In a March statement to Salon Food, Eric Mitchell, the executive director of the Alliance to End Hunger, wrote that there is never a good time to make it harder for people to buy food, but ending benefits now comes at a particularly bad time.

“With inflation and food prices still near record levels, it is still far too expensive for many Americans across the country to put food on the table,” Mitchell said. “Without these extra dollars, millions of people will be at risk of hunger.”

He continued, writing that the expanded benefits were a “lifesaver for many individuals and families as jobs disappeared and the economy grinded to a halt.”

In the ensuing months, the SNAP program has undergone some permanent changes, the most notable being that the age bracket for people who must meet work requirements in order to participate in the program was expanded. As Salon Food reported in June, this was one of several concessions made by Democrats as part of a deal to raise the debt ceiling — which the country needed to do later this year to avoid a default crisis.

Prior to the pandemic, people younger than 50 who met certain requirements had to volunteer, work or receive job training for 80 hours a month in order to receive regular assistance.
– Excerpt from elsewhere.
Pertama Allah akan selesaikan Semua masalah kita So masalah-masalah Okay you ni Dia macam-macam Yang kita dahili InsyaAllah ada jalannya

Now, as part of the new budget cuts package, recipients are required to work until the age of 55. According to The Center for Public Integrity, the new stipulations also make it harder for states to waive those work rules in states.

Yet after weeks of debate, the new budget cuts package now raises the age of recipients required to work to 55 and, according to The Center for Public Integrity, makes it harder for states to waive work rules in areas with high unemployment. Notable exceptions include if someone is experiencing homelessness, is a military veteran or if they are a youth aged 18 to 24 who has aged out of the foster care system.
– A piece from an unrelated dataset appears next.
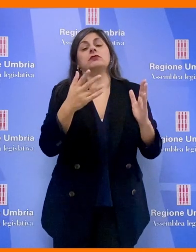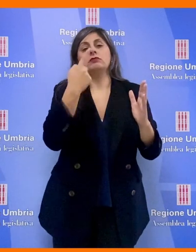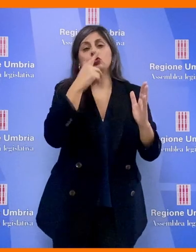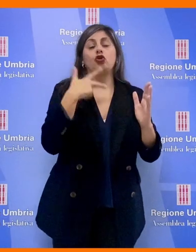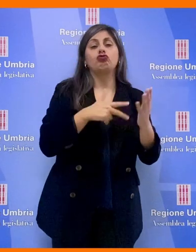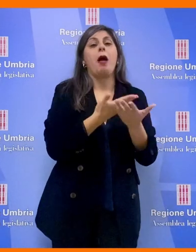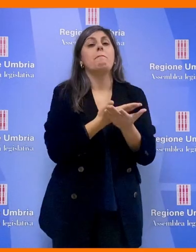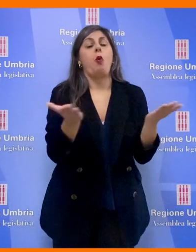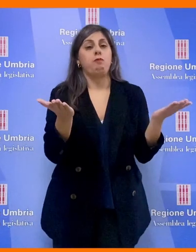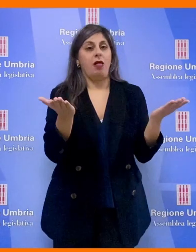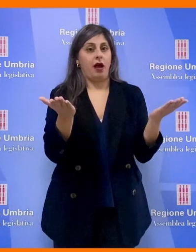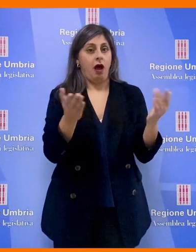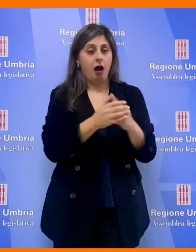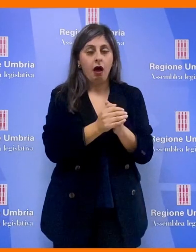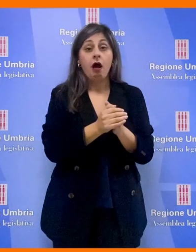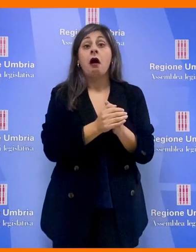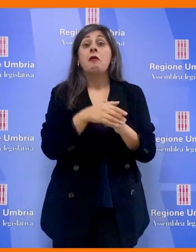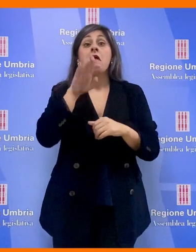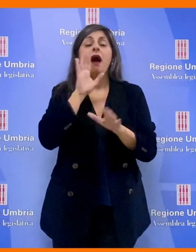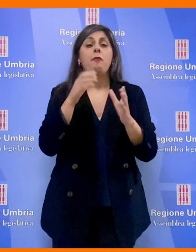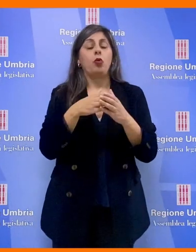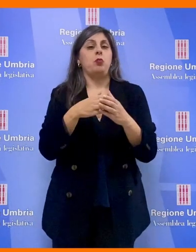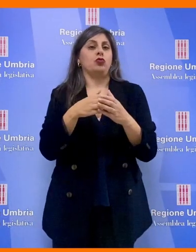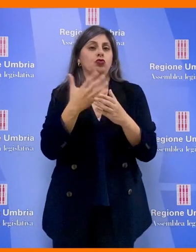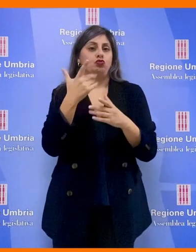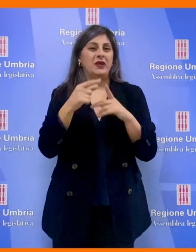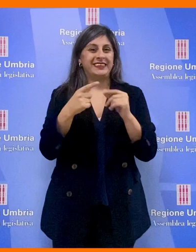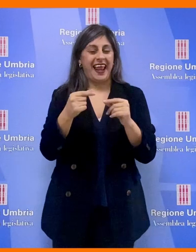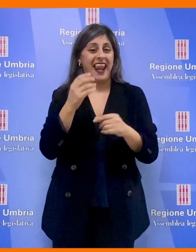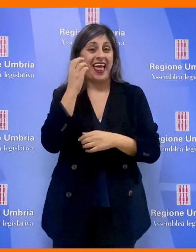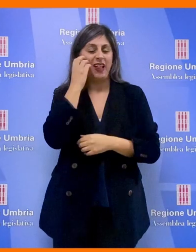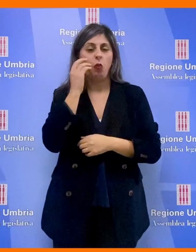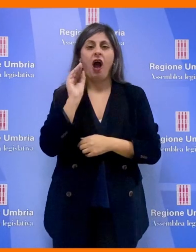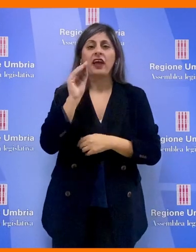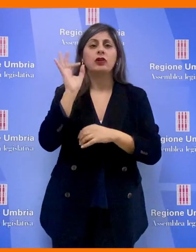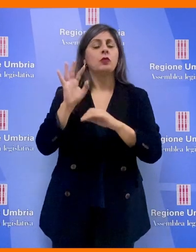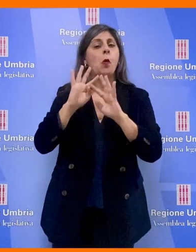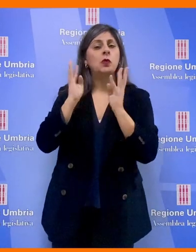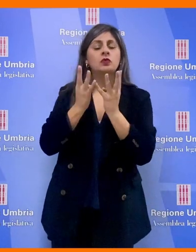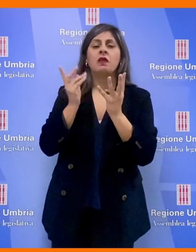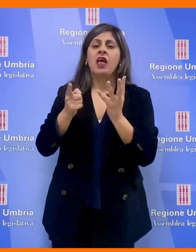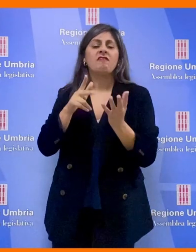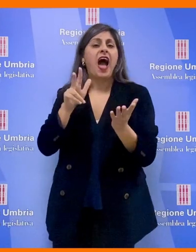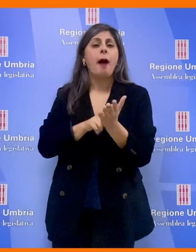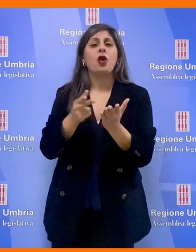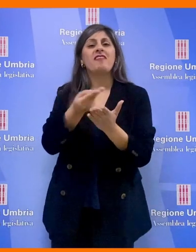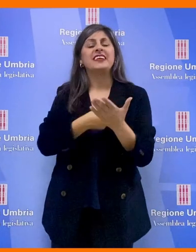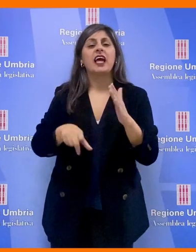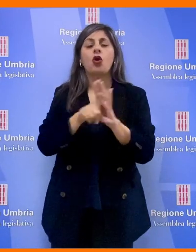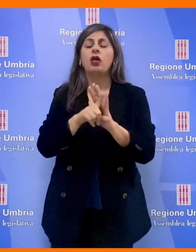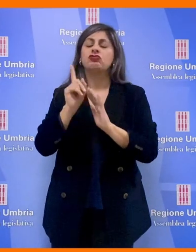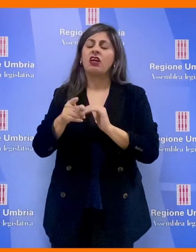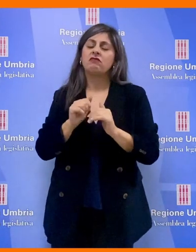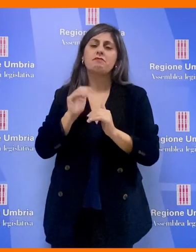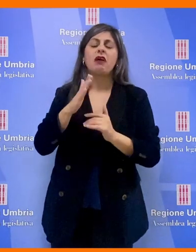residenziale sociale pubblica. Il capogruppo pentastellato Thomas De Luca chiedeva alla Giunta regionale di approvare un disegno di legge

Currently, there are also two bills under review that would prevent current SNAP recipients from buying “junk food” — classified as “soft drinks, candy, ice cream, [and] prepared desserts such as cakes, pies, cookies or similar products” — with their benefits.

Several hunger experts have raised concern at both developments, especially in light of the newest food insecurity numbers. According to the Center on Budget Policies and Priorities, the expansion of working age would “take food assistance away from large numbers of people, including many who have serious barriers to employment as well as others who are working or should be exempt but are caught up in red tape.”

Meanwhile, a spokesperson from the Agriculture Department told Spectrum News that further monitoring of what SNAP recipients purchase with their benefits “would increase program costs and complexity and undermine the dignity of millions of Americans by assuming that low-income Americans are unable to make decisions that are best for themselves and their families.”